Think about it from an evolutionary standpoint. Which males are most likely to survive and to reproduce their genetics? Sorry, not the sweet, sensitive, cautious ones.
No, I’m not advocating a return to the era of the cave man or even to disco. But I do worry that we are systematically stripping away behaviors, mores, and character traits associated with masculinity without replacing these traits. We have created a world in which women and girls expand well beyond traditional or evolutionary roles, while at the same time narrowing the world of men. You can nurture, we tell our men – but most primary caregivers are still female. We honor your service, we tell our soldiers, but we chide our sons for playing army. Even in the bedroom, we women have taken an increasingly assertive role (and I say yay), but what have we left as “appropriate” for masculine sexual expression? (I’m only qualified to speak to heterosexual interactions.)
My son turned ten yesterday. I worry about him sometimes – sandwiched between two sisters, raised by a mother with no brothers and a father who never knew his own dad. I wonder if we are giving him enough of a sense of his own identity and place, as a male and as a person. I don’t want him to grow up “masculine” in the misogynistic, hyper-aggressive, insecure-hiding-behind-macho sense, but I do want him to have a strong identity and a place of his own in the world. I don’t want him to grow up afraid of his own strength, of his darknesses, and of his power. I don’t want that for him, or for any of his generation.
Right now, Aidan knows who he is. He will shake his hips to Lady Gaga or wield a Nerf Gun with the best of them. He’s fine playing “Pretty Pretty Princess” with Sierra (with the indulgent sighs of an older brother humoring his baby sister) or with leading her on an armed assault against an unknown enemy. He will cuddle into our laps for snuggles or try to burp the alphabet.

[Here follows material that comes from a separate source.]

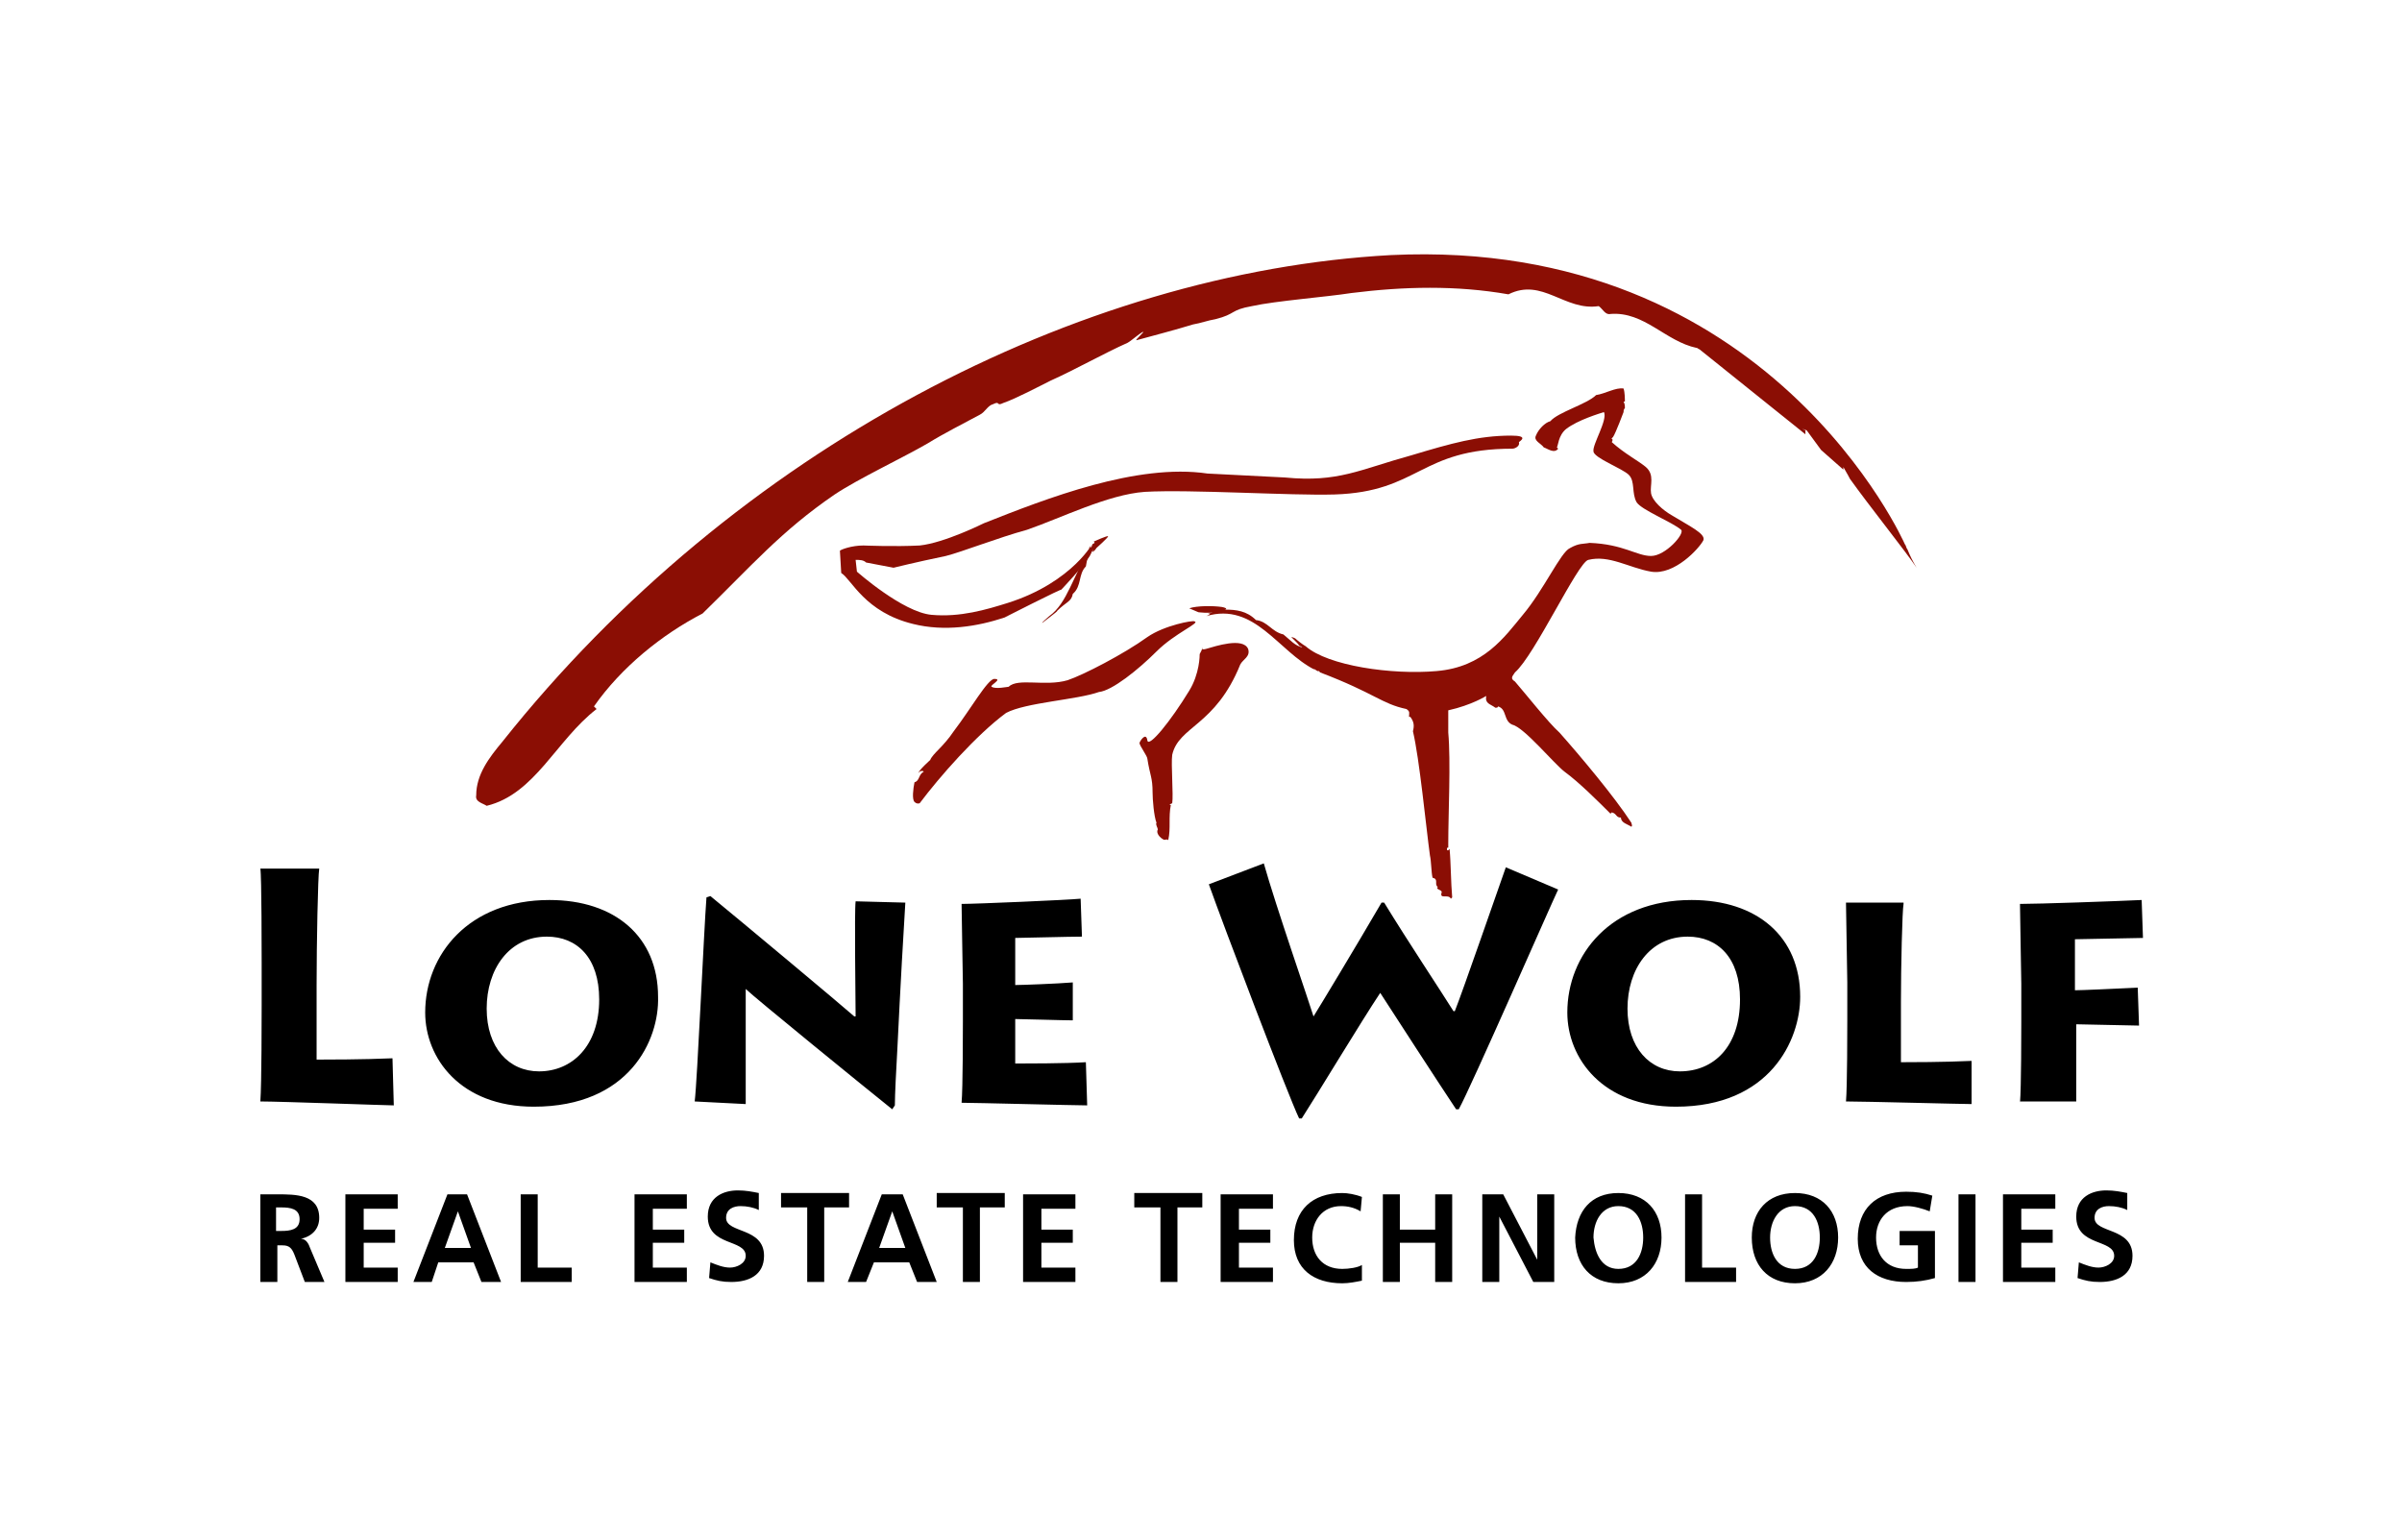 <svg xmlns="http://www.w3.org/2000/svg" id="Lone_Wolf_Logo_-_colour" x="0" y="0" version="1.1" viewBox="0 0 183.6 117.7" xml:space="preserve"><style>.st0{fill:#8b0e04}</style><path d="M30.1 84.5c-.5 0-8.7-.3-10.2-.3.1-1.3.1-6.7.1-7.3v-3.4c0-.4 0-6.6-.1-7.1h4.5c-.1.6-.2 5.7-.2 8.9V81c.6 0 3.6 0 5.8-.1l.1 3.6zM40.8 84.6c-5.6 0-8.3-3.7-8.3-7.2 0-4.4 3.3-8.6 9.5-8.6 5 0 8.3 2.8 8.3 7.4.1 3.3-2.2 8.4-9.5 8.4zm5-8.2c0-3.2-1.7-4.8-4-4.8-2.9 0-4.6 2.5-4.6 5.5s1.7 4.8 4 4.8c2.5 0 4.6-1.9 4.6-5.5zM68.2 84.8c-2-1.6-10.6-8.6-11.2-9.2v8.8l-3.9-.2c.2-1.6.7-13 .9-15.6l.3-.1c2.2 1.8 10.1 8.4 11 9.2h.1c0-1.2-.1-8 0-8.8l3.8.1c-.1 1.5-.4 6.8-.6 11-.1 1.8-.2 3.7-.2 4.5l-.2.3zM83.1 84.5c-.9 0-8.6-.2-9.6-.2.1-1.1.1-5.7.1-6.2v-2.9c0-.4-.1-5.5-.1-6.1 1.1 0 8.1-.3 9.1-.4l.1 2.9c-.9 0-4.7.1-5.1.1v3.6c.5 0 3.2-.1 4.4-.2V78c-.7 0-3.9-.1-4.4-.1v3.4c.6 0 3.9 0 5.4-.1l.1 3.3zM96.6 66c.9 3.2 3.5 10.7 3.8 11.7.5-.8 3.1-5.1 5.2-8.7h.2c1.9 3.1 4.3 6.7 5.3 8.3h.1c.6-1.5 3.4-9.6 3.9-11l4 1.7c-.4.8-6.7 15.2-7.6 16.8h-.2c-1.2-1.8-4.9-7.5-5.8-8.9-1.4 2.1-4.9 7.9-6 9.6h-.2c-.9-1.9-5.8-14.8-6.9-17.9l4.2-1.6zM128.1 84.6c-5.6 0-8.3-3.7-8.3-7.2 0-4.4 3.3-8.6 9.5-8.6 5 0 8.3 2.8 8.3 7.4 0 3.3-2.3 8.4-9.5 8.4zm4.9-8.2c0-3.2-1.7-4.8-4-4.8-2.9 0-4.6 2.5-4.6 5.5s1.7 4.8 4 4.8c2.6 0 4.6-1.9 4.6-5.5zM145.5 69.1c-.1.5-.2 4.8-.2 7.5v4.6c.6 0 3.3 0 5.4-.1v3.3c-.7 0-8.2-.2-9.6-.2.1-1.1.1-5.7.1-6.2v-2.9c0-.4-.1-5.7-.1-6.1h4.4zM154.4 84.3c.1-1.1.1-5.7.1-6.2v-2.9c0-.4-.1-5.5-.1-6.1 1.4 0 7.2-.2 9.3-.3l.1 2.9-5.2.1v3.9c.5 0 2.7-.1 4.8-.2l.1 2.9-4.8-.1V84.2h-4.3z"/><g><path d="M124.5 62.8l.2.2-.2-.2zM98.2 36.5c4.1.4 5.7-.6 9.7-1.7 3-.9 5.1-1.5 7.6-1.5 1.4 0 .7.4.6.5.1.3-.3.5-.5.5-7.1 0-7.1 3.3-13.6 3.5-3.3.1-11-.4-14.5-.2-2.8.2-6.4 2-9 2.9-2.2.6-5 1.7-6.2 2-2.4.5-4 .9-4 .9l-2.1-.4c-.2-.2-.5-.2-.8-.2l.1.9s3.5 3.1 5.7 3.3c2.2.2 4.2-.4 5.8-.9 5.1-1.6 6.7-4.9 6.4-4.4-.6.6.6-.5-.1.8-.4.7-2.2 2.6-2.2 2.6.4-.3-4.9 2.4-4.3 2.1-2.1.7-4.6 1.1-7 .5-3.7-.9-4.7-3.4-5.5-3.9 0 0-.1-1.6-.1-1.7.1-.1.9-.4 1.8-.4 0 0 2.4.1 4.3 0 1.9-.2 4.9-1.7 4.9-1.7 4.8-1.9 11.7-4.6 17.1-3.8l5.9.3zM95.4 49.6c.2.6-.4.8-.6 1.2-1.9 4.7-4.7 4.7-5.2 6.9-.1.7.1 3.1 0 3.7l-.2.1s.1.1.1 0c-.2 1 0 1.8-.2 2.7h-.1c0-.1 0 0-.2 0-.1 0-.7-.4-.5-.8 0-.1-.2-.4-.1-.5-.2-.5-.3-1.8-.3-2.3 0-1.2-.2-1.3-.4-2.6 0-.2-.6-1-.6-1.2 0-.1.5-.9.6-.2.1.6 1.8-1.5 3.2-3.8.8-1.3.8-2.7.8-2.8.5-.9-.2-.2.5-.4s2.8-.9 3.2 0zM122.9 61.9l-.3-.3.3.1zM124.3 62.7l.1.2-.1-.2z" class="st0"/><path d="M90.9 46.5c.6-.2 1.8-.2 2.5-.1.5.1.3.2.2.2.9 0 1.7.1 2.4.8.9.1 1.2.9 2.1 1.1.5.4.9.9 1.5 1-.1 0-.1-.1-.2-.1s-.1-.1-.3-.3l-.4-.4s.1 0 .3.1c.1.1.6.5.8.6 1.7 1.5 6.6 2.2 10 1.9 3.6-.3 5.2-2.6 6.6-4.3 1.6-1.9 2.9-4.8 3.6-5.1.7-.4 1-.3 1.5-.4 2.6.1 3.6 1 4.7 1s2.6-1.7 2.3-2c-.7-.6-3-1.5-3.4-2.1-.4-.7-.1-1.6-.6-2.1s-2.7-1.3-2.7-1.8c-.1-.5 1.1-2.4.8-3-.3.1-2 .6-2.9 1.3-.6.5-.6 1.3-.7 1.4l.1.1c-.3.4-.8 0-1.1-.1-.2-.3-.8-.5-.6-.9.2-.5.7-1 1.1-1.1.6-.7 2.8-1.3 3.5-2 .7-.1 1.5-.6 2.1-.5.1.3.1.8.1 1h-.1c.1.2.1.3.1.5-.1.1-.1.2-.1.3 0 0-.6 1.6-.8 1.9-.3.3.1 0-.1.4 1 .9 2 1.4 2.6 1.9.7.6.3 1.4.4 2 .1.6.9 1.3 1.6 1.7 1.3.8 2.6 1.4 2.4 1.9-.3.6-2.2 2.7-4 2.4-1.7-.3-3.2-1.3-4.8-.9-.8.2-4.1 7.3-5.6 8.6-.3.4-.3.5 0 .7.7.8 2.6 3.2 3.4 3.9 1.6 1.8 4.2 4.9 5.5 6.9 0 .1.1.2 0 .3-.3-.2-.8-.3-.8-.7-.4 0-.3-.3-.7-.4l-.1.1c-.9-.9-2.4-2.4-3.5-3.2-.8-.6-3.1-3.4-4-3.6-.7-.3-.4-1.2-1.1-1.4 0 .1-.1.1-.2.1-.4-.3-.8-.3-.7-.9 0 0-1.1.7-2.9 1.1V56c.2 2.2 0 6.2 0 8.5v.3c-.1 0-.1 0-.1.1s0 .1.1.1l.1-.1c.1 1 .1 2.6.2 3.7l-.1.1c-.2-.4-.9.1-.7-.5 0-.2-.5-.2-.3-.4-.3-.2.1-.6-.4-.7-.1-.4-.1-1.3-.2-1.7-.3-2.2-.8-7.4-1.3-9.5.1-.4.1-.7-.2-1.1h-.1c0-.3.1-.4-.2-.6-1.9-.4-2.4-1.2-6.6-2.8-.1-.1 0-.1-.2-.1l-.3-.2.1.1c-2.8-1.4-4.6-5.2-8.3-4.1 0 0 .5-.2.1-.2.2 0 .4-.1.6-.1-.5.1-1.3 0-1.3 0l-.7-.3zM84.7 41c0 .1-.9.9-.9.9-.1.2-.3.3-.3.3s0-.1.1-.2c-.5.4-.5.8-.6 1.3-.6.6-.3 1.5-1 2.1-.1.6-.5.6-1.2 1.3.1 0-1 .8-1.1.9-.2.1.5-.5.5-.5 1.4-1 1.8-3.1 3.2-5.3v.1l.1-.3c.2-.1.2-.1.1-.2 0 0 1.1-.5 1.1-.4zM81.6 52c1.2-.4 4.3-2 6.1-3.3 1.3-.9 3.5-1.3 3.6-1.2.5.1-1.5.9-2.9 2.3s-3.4 3-4.4 3.1c-1.7.6-5.6.8-7.1 1.6-2.3 1.7-5.1 4.9-6.6 6.9 0 0-.2.1-.4-.1s-.1-1 0-1.5c.4-.1.3-.6.7-.8 0-.1-.3-.1-.4.1 0-.2.9-1 .9-1 .2-.5 1-1 1.8-2.2 1.3-1.7 2.6-4 3.1-4 .7 0-.4.5-.2.6.3.2 1.2 0 1.3 0 .7-.7 2.8 0 4.5-.5z" class="st0"/><path d="M38.4 56.7c-1 1.2-2 2.5-2 4.1-.1.5.5.6.8.8 3.7-.9 5.3-5 8.4-7.4l-.2-.2c2.1-3 5.2-5.5 8.3-7.1 3.7-3.6 6-6.3 10.1-9.1 1.8-1.2 5.2-2.8 7.1-3.9 1.3-.8 2.7-1.5 4-2.2.4-.2.6-.7 1-.8.6-.3.2.2.8-.1.9-.3 2.8-1.3 3.6-1.7 1.8-.8 4.1-2.1 5.9-2.9.2-.1.9-.7 1.1-.8.4-.2-.7.7-.4.6 1.1-.3 3-.8 4.3-1.2.6-.1 1.1-.3 1.7-.4 1.6-.4 1.1-.7 2.8-1 1.8-.4 5.7-.7 7.6-1 4-.5 8-.6 12 .1 2.6-1.3 4.3 1.3 6.9.9.3.2.5.7.9.6 2.6-.2 4.2 2.1 6.6 2.6.1 0 .1.1.2.1l8.1 6.5v-.3c-.4-.2-.2-.1.1 0l1.1 1.5 1.7 1.5v-.2c.1.2.3.5.5.9 1.5 2.1 4.3 5.6 5.1 6.8-.3-.5-.5-.9-.7-1.4-.1-.1-.1-.3-.2-.4 0 0-10.3-23.5-39.3-22.1-23.8 1.3-50.1 14.8-67.9 37.2z" class="st0"/></g><g><path d="M19.8 91.3h1.4c1.4 0 3.2 0 3.2 1.8 0 .8-.5 1.4-1.4 1.6.4 0 .6.4.7.7l1.1 2.6h-1.5l-.8-2.1c-.2-.5-.4-.7-.9-.7h-.4V98h-1.3v-6.7zm1.3 2.8h.4c.7 0 1.4-.1 1.4-.9s-.7-.9-1.4-.9h-.4v1.8zM26.4 91.3h4v1.1h-2.6V94h2.4v1h-2.4v1.9h2.6V98h-4v-6.7zM34.2 91.3h1.5l2.6 6.7h-1.5l-.6-1.5h-2.7L33 98h-1.4l2.6-6.7zm.8 1.3l-1 2.8h2l-1-2.8zM39.8 91.3h1.3v5.6h2.6V98h-3.9v-6.7zM48.5 91.3h4v1.1h-2.6V94h2.4v1h-2.4v1.9h2.6V98h-4v-6.7zM58 92.5c-.4-.2-.9-.3-1.4-.3-.5 0-1.1.2-1.1.9 0 1.2 2.9.7 2.9 2.9 0 1.5-1.2 2-2.5 2-.7 0-1.1-.1-1.7-.3l.1-1.2c.5.2 1 .4 1.5.4s1.2-.3 1.2-.9c0-1.3-2.9-.7-2.9-3 0-1.5 1.2-2 2.3-2 .6 0 1.1.1 1.6.2v1.3zM61.6 92.3h-1.9v-1.1h5.2v1.1H63V98h-1.3v-5.7zM67.4 91.3H69l2.6 6.7h-1.5l-.6-1.5h-2.7l-.6 1.5h-1.4l2.6-6.7zm.8 1.3l-1 2.8h2l-1-2.8zM73.5 92.3h-1.9v-1.1h5.2v1.1h-1.9V98h-1.3v-5.7zM78.2 91.3h4v1.1h-2.6V94H82v1h-2.4v1.9h2.6V98h-4v-6.7zM88.6 92.3h-1.9v-1.1h5.2v1.1H90V98h-1.3v-5.7zM93.3 91.3h4v1.1h-2.6V94h2.4v1h-2.4v1.9h2.6V98h-4v-6.7zM104.1 97.9c-.5.1-1 .2-1.5.2-2.2 0-3.7-1.1-3.7-3.3 0-2.3 1.4-3.6 3.7-3.6.4 0 1 .1 1.5.3l-.1 1.1c-.5-.3-1-.4-1.5-.4-1.4 0-2.2 1.1-2.2 2.4 0 1.4.8 2.4 2.3 2.4.5 0 1.2-.1 1.5-.3v1.2zM105.7 91.3h1.3V94h2.7v-2.7h1.3V98h-1.3v-3H107v3h-1.3v-6.7zM113.2 91.3h1.7l2.6 5v-5h1.3V98h-1.6l-2.6-5v5h-1.3v-6.7zM123.7 91.2c2.1 0 3.3 1.4 3.3 3.4s-1.2 3.5-3.3 3.5c-2.1 0-3.3-1.4-3.3-3.5.1-2 1.2-3.4 3.3-3.4zm0 5.8c1.4 0 1.9-1.2 1.9-2.4s-.5-2.4-1.9-2.4c-1.3 0-1.9 1.2-1.9 2.4.1 1.2.6 2.4 1.9 2.4zM128.8 91.3h1.3v5.6h2.6V98h-3.9v-6.7zM137.2 91.2c2.1 0 3.3 1.4 3.3 3.4s-1.2 3.5-3.3 3.5c-2.1 0-3.3-1.4-3.3-3.5 0-2 1.2-3.4 3.3-3.4zm0 5.8c1.4 0 1.9-1.2 1.9-2.4s-.5-2.4-1.9-2.4c-1.3 0-1.9 1.2-1.9 2.4s.5 2.4 1.9 2.4zM147.5 92.6c-.5-.2-1.2-.4-1.7-.4-1.6 0-2.4 1.1-2.4 2.4 0 1.4.8 2.4 2.3 2.4.4 0 .7 0 .9-.1v-1.7h-1.4v-1.1h2.7v3.6c-.7.2-1.4.3-2.2.3-2.2 0-3.7-1.1-3.7-3.3 0-2.3 1.4-3.6 3.7-3.6.8 0 1.4.1 2 .3l-.2 1.2zM149.7 91.3h1.3V98h-1.3v-6.7zM153.1 91.3h4v1.1h-2.6V94h2.4v1h-2.4v1.9h2.6V98h-4v-6.7zM162.6 92.5c-.4-.2-.9-.3-1.4-.3-.5 0-1.1.2-1.1.9 0 1.2 2.9.7 2.9 2.9 0 1.5-1.2 2-2.5 2-.7 0-1.1-.1-1.7-.3l.1-1.2c.5.2 1 .4 1.5.4s1.2-.3 1.2-.9c0-1.3-2.9-.7-2.9-3 0-1.5 1.2-2 2.3-2 .6 0 1.1.1 1.6.2v1.3z"/></g></svg>

It should (though in deference to the black and white nature of modern society and the internet, I’ll say it anyway) go without saying that I’m not a fan of fighting, war, sexual violence, objectification of women, arson, or risk-taking-induced injuries. But, the fact that I don’t like these things doesn’t eliminate them from the species. I wonder what we are losing when we consistently strip away opportunities to test boundaries and to find identity. Thanks to modern agriculture, technology, and medical advances, we no longer need men to fill the roles of hunter or protector. But what are we giving our boys in return?
Amazonian fantasies aside, no good will come of a society of ill-educated, insecure, or submissive men. We need to either find new ways for our boys to test and challenge themselves or to loosen the reins of political correctness and fear. Shifting the pendulum to a female-centric society will do no more good than a history of patriarchy has done. Women lose when they are denied the opportunities to work with, compete against, and partner with men equally. When we are denied the chances to work through our darkness, how are we supposed to fully develop our light?